# going to vegas ... give me recommendations!



## fadedillusions (Jul 12, 2009)

my sister and i r going next month for her 21.
staying wednesday-sunday
what are some must sees and any tips?


----------



## gildedangel (Jul 12, 2009)

I personally highly suggest the MAC Pro.....


----------



## kaliraksha (Jul 12, 2009)

What kind of things do you like to do? There are many nice restaurants, extravagant clubs, lovely pools, good shows, a few decent attractions and plenty of shopping.

I would suggest you guys go eat at Rosemary's... it's off the strip but during lunch it's like $25 for a nice 3-course meal. 

Also, where are you staying? Unless you're driving or taking taxis everywhere I find it's best to concentrate on the area around you... because most likely you'll be back and can concentrate on another area next time.


----------



## fadedillusions (Jul 12, 2009)

we want to do as much as possible. swim, shop, see all the main attractions and go to a club or 2! staying at treasure island


----------



## cyan (Jul 12, 2009)

OMG ... Treasure Island is right across from the FASHION MALL! Walk right over and it's right there. A great three story (or more) mall that has tons of stores in it. 

I would also suggest: 
- MGM
- Circus Circus (and theme park)
- Aladdin
- Paris (for food)
- Mandalay Bay
- Hard Rock (for rehab)

It'll be extremely hot ... it's a dry hot, too ... so bring lots of sunscreen and water. Avoid taking the CAT (public bus system) and don't stray from the strip around night time, it's not a great area. I don't really have anything else to suggest, lol.


----------



## shadowaddict (Jul 12, 2009)

I love the FASHION MALL. My sister and I go to Vegas every year. She lives in Kansas City and I in Nashville so we time our flights to meet there about the same time. She and her husband gl at least twice a year but my hubby hates it. But this is just our sister trip so no guys or kids. We have tons of fun shopping and just everything.And Vegas is a place that people watching is at it's best. Hope you guys have lots of fun.


----------



## L1LMAMAJ (Jul 13, 2009)

Wynn Buffet or Bellagio Buffet -- my faves

If you're into clubbing, you can get free ladies passes from them if you go to the hotel during the day and ask. Sometimes they even pass them out randomly on the strip. I've only been to Tao and Lavo but they were both fun!!

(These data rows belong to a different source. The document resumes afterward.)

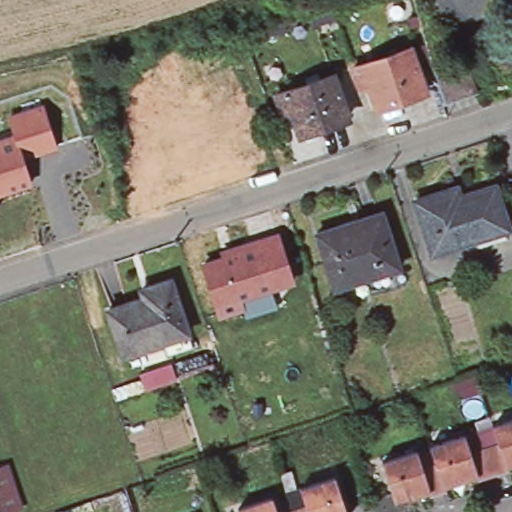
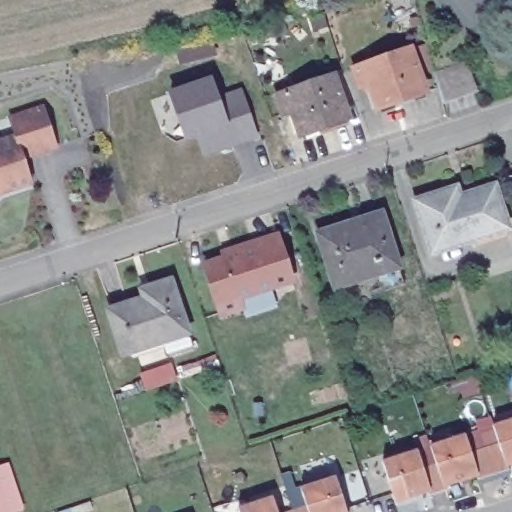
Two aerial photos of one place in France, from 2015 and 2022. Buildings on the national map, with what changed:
unchanged [(408,49),(423,90),(377,108),(367,83),(358,87),(352,69),(408,49)]
unchanged [(470,66),(477,94),(442,103),(435,76),(470,66)]
new [(205,157),(198,137),(185,141),(169,92),(212,77),(218,98),(243,89),(259,139),(205,157)]
unchanged [(332,77),(347,119),(300,137),(290,113),(280,117),(274,99),(332,77)]
unchanged [(16,134),(8,117),(47,105),(60,149),(28,165),(35,184),(0,196),(0,139),(16,134)]
unchanged [(456,188),(459,197),(493,186),(507,230),(433,254),(416,201),(456,188)]
unchanged [(381,292),(375,275),(335,288),(317,232),(339,225),(337,219),(359,213),(360,218),(382,212),(398,267),(404,284),(381,292)]
unchanged [(295,282),(243,302),(246,311),(220,319),(201,266),(223,257),(222,252),(280,234),(295,282)]
unchanged [(170,351),(165,336),(127,349),(113,307),(147,295),(145,285),(152,283),(173,276),(191,328),(195,342),(170,351)]
unchanged [(217,367),(128,397),(123,380),(213,351),(217,367)]
unchanged [(492,426),(512,419),(512,464),(507,466),(508,469),(493,475),(484,448),(498,443),(492,426)]
unchanged [(430,446),(463,435),(470,453),(484,448),(493,475),(477,480),(475,477),(445,487),(436,463),(430,446)]
unchanged [(417,450),(422,468),(436,463),(445,487),(445,490),(429,495),(427,491),(395,502),(382,461),(417,450)]
unchanged [(300,488),(334,477),(346,512),(293,512),(292,511),(306,506),(300,488)]
unchanged [(6,512),(0,512),(0,494),(6,512)]
unchanged [(277,512),(240,512),(238,509),(272,498),(277,512)]
unchanged [(293,512),(288,512),(292,511),(293,512)]

Take pictures outside the beautiful hotels!! Vegas is like a second home to me. I love it there. 
	

	
	
		
		

		
		
	


	




 Have fun!


----------



## hhunt2 (Jul 13, 2009)

Visit the 2 CCO's.

I've heard that those CCO's have really, really good inventory.


----------



## shadowaddict (Jul 13, 2009)

Quote:

   Originally Posted by *hhunt2* 

 
_Visit the 2 CCO's.

I've heard that those CCO's have really, really good inventory._

 
TWO CCO's!!! I only knoew about one. Where are they?


----------



## Juxtapose (Jul 13, 2009)

I went at the beginning of June, and stayed at the Mirage (which was the perfect location, might I add...literally right out the door are the Forum Shops--MAC Pro!! It was perfect)  
	

	
	
		
		

		
		
	


	




Due to location, my must sees were Ceaser's Palace, Bellagio (at night, of course), Treasure Island-the Sirens show outside at night, the Venetian, etc.  If I'm not mistaken, the Wynn still gives you $10 to gamble when you get the card from their casino, which is sweet.  

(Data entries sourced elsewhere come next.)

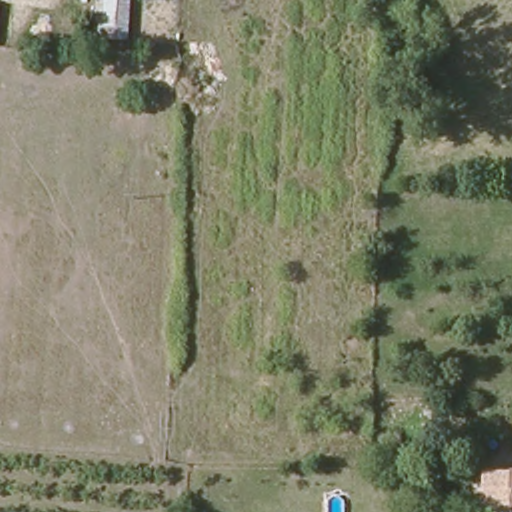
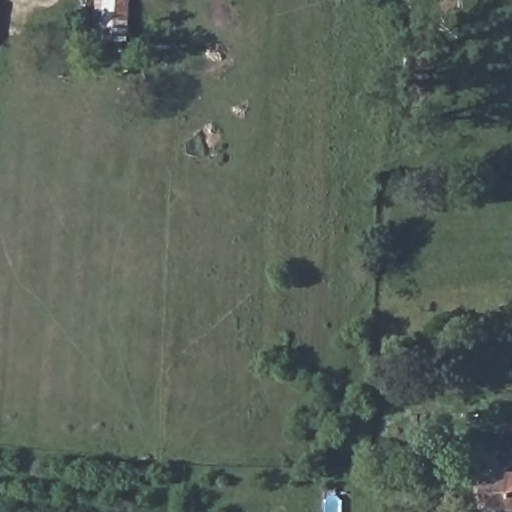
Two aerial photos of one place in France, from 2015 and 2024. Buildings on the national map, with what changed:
unchanged [(96,44),(98,0),(135,0),(130,46),(96,44)]
unchanged [(0,48),(0,4),(6,4),(0,48)]

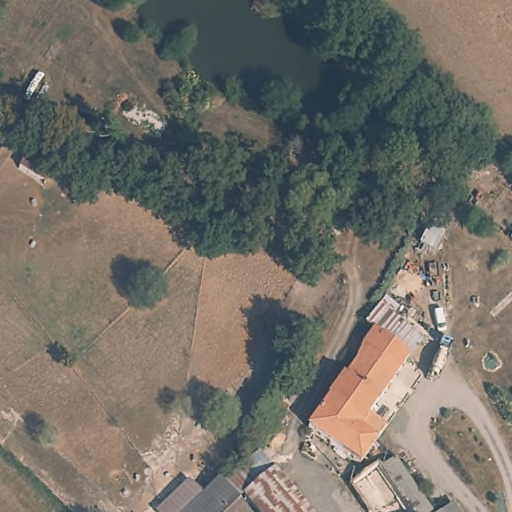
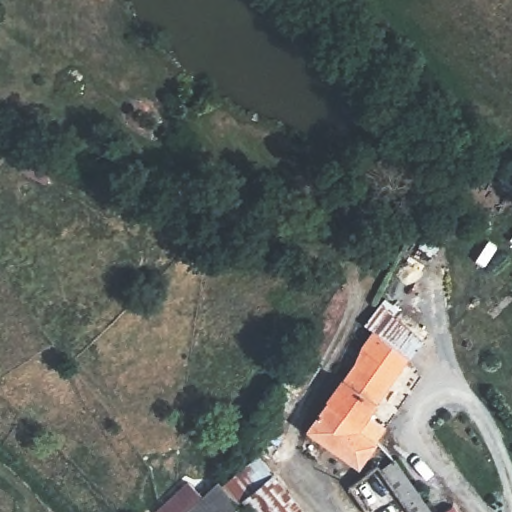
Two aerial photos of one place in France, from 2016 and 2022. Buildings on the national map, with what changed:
unchanged [(369,324),(411,351),(405,360),(359,433),(317,405),(364,331),(366,329),(366,328),(369,324)]
unchanged [(310,381),(286,413),(276,409),(251,431),(242,421),(292,365),(310,381)]
unchanged [(359,433),(355,438),(372,449),(361,464),(302,426),(317,405),(359,433)]
unchanged [(377,454),(390,469),(429,512),(383,512),(352,476),(377,454)]
unchanged [(404,457),(451,512),(429,512),(390,469),(404,457)]
unchanged [(253,512),(232,488),(261,462),(306,512),(253,512)]
unchanged [(211,474),(246,512),(167,512),(164,509),(183,487),(193,496),(211,474)]

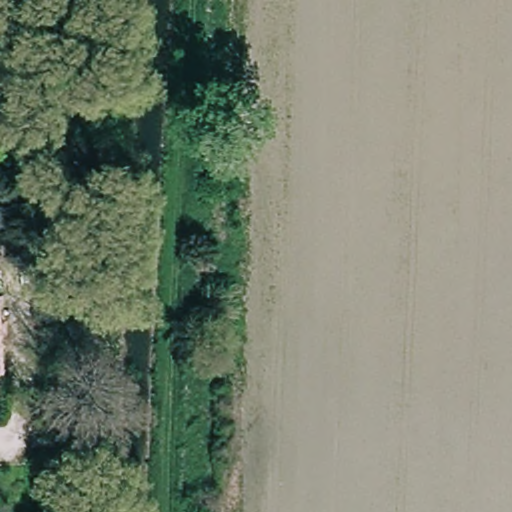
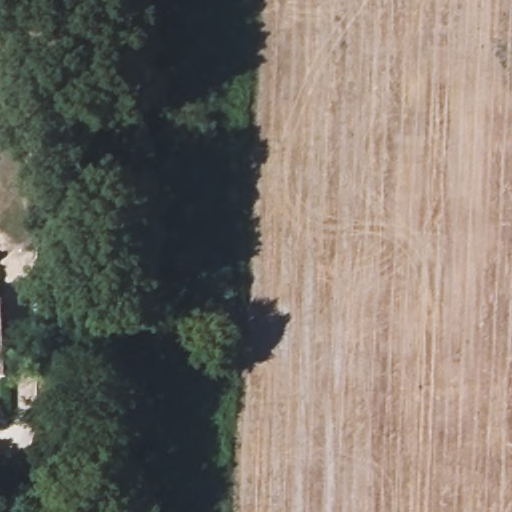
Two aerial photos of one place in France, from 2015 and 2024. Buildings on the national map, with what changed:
unchanged [(7,370),(9,382),(0,384),(0,345),(3,371),(7,370)]
unchanged [(83,446),(84,435),(45,433),(43,426),(83,426),(84,417),(98,417),(98,446),(83,446)]

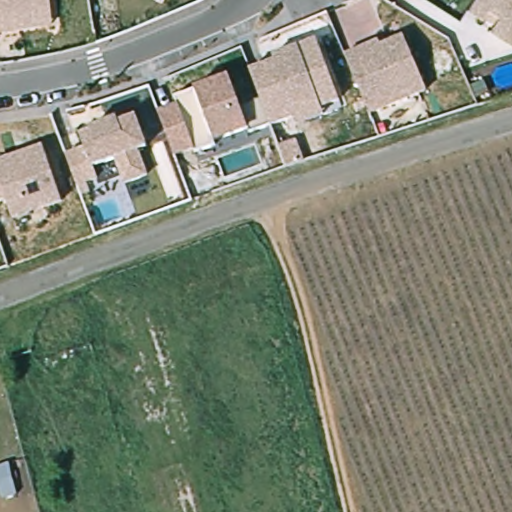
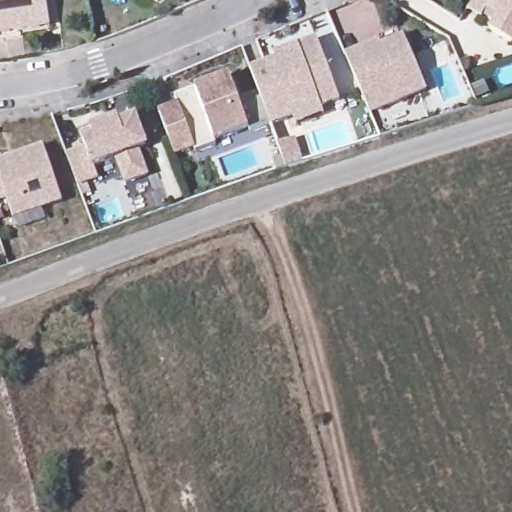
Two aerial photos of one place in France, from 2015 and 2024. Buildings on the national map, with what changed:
unchanged [(0,33),(0,0),(47,0),(51,26),(41,28),(0,33)]
unchanged [(512,0),(512,40),(492,27),(500,13),(490,6),(484,16),(470,7),(474,0),(512,0)]
unchanged [(380,42),(382,46),(405,37),(427,91),(371,115),(347,56),(362,50),(380,42)]
unchanged [(296,126),(293,119),(272,126),(262,100),(252,71),(277,61),(275,56),(317,40),(340,101),(321,109),(324,115),(296,126)]
unchanged [(160,114),(179,106),(176,97),(197,90),(196,89),(230,76),(242,108),(262,100),(272,126),(250,133),(249,129),(215,141),(217,146),(195,153),(194,148),(175,155),(160,114)]
unchanged [(120,123),(137,117),(147,146),(138,150),(147,175),(125,183),(117,158),(94,166),(98,178),(78,185),(67,154),(86,148),(83,141),(80,132),(91,128),(118,119),(120,123)]
unchanged [(62,200),(13,216),(7,197),(0,199),(0,159),(44,145),(62,200)]

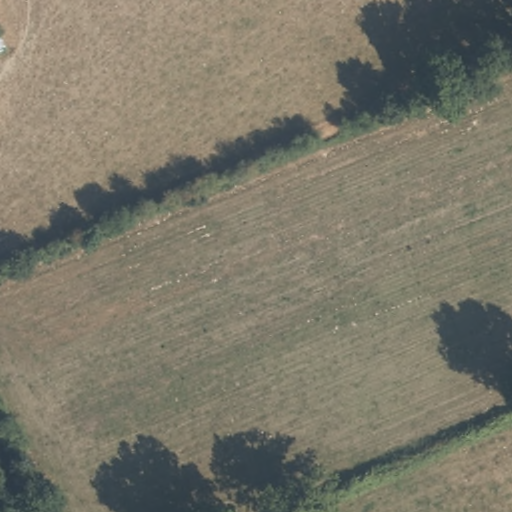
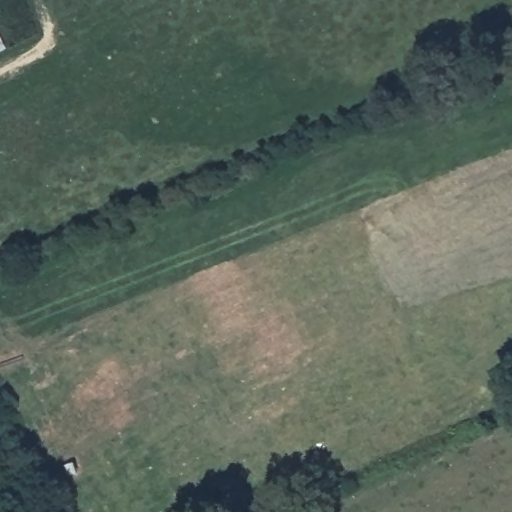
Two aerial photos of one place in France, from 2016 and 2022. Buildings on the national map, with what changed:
unchanged [(6,45),(0,48),(0,31),(6,45)]

I highly recommend getting a bus pass on days/nights you want to hop all over the Strip.  The buses are called "Deuces" (cuz they're 2 levels).  They're new, nice and hella convenient.  Everything looks close together in Vegas, but it's deceiving how far you have to walk at times.  Also, the buses take you to downtown as well, which is fun.

Yep, previous comments were right about the VIP passes.  During the daytime, you will come across many opportunities for free VIP club passes.  Just like the call girl cards, they are literally everywhere, lol. My bf and I used passes at the Beatles LOVE club at the Mirage one night.  

A must see for me was the Palms.  We took a shuttle over there one afternoon.  I had to see all the Playboy stuff, lol.  It was a gorgeous hotel though.  I would have absolutely loved to go back at night just to go to the club Rain and to go to the Voodoo Lounge, which didn't open til after 7 pm.  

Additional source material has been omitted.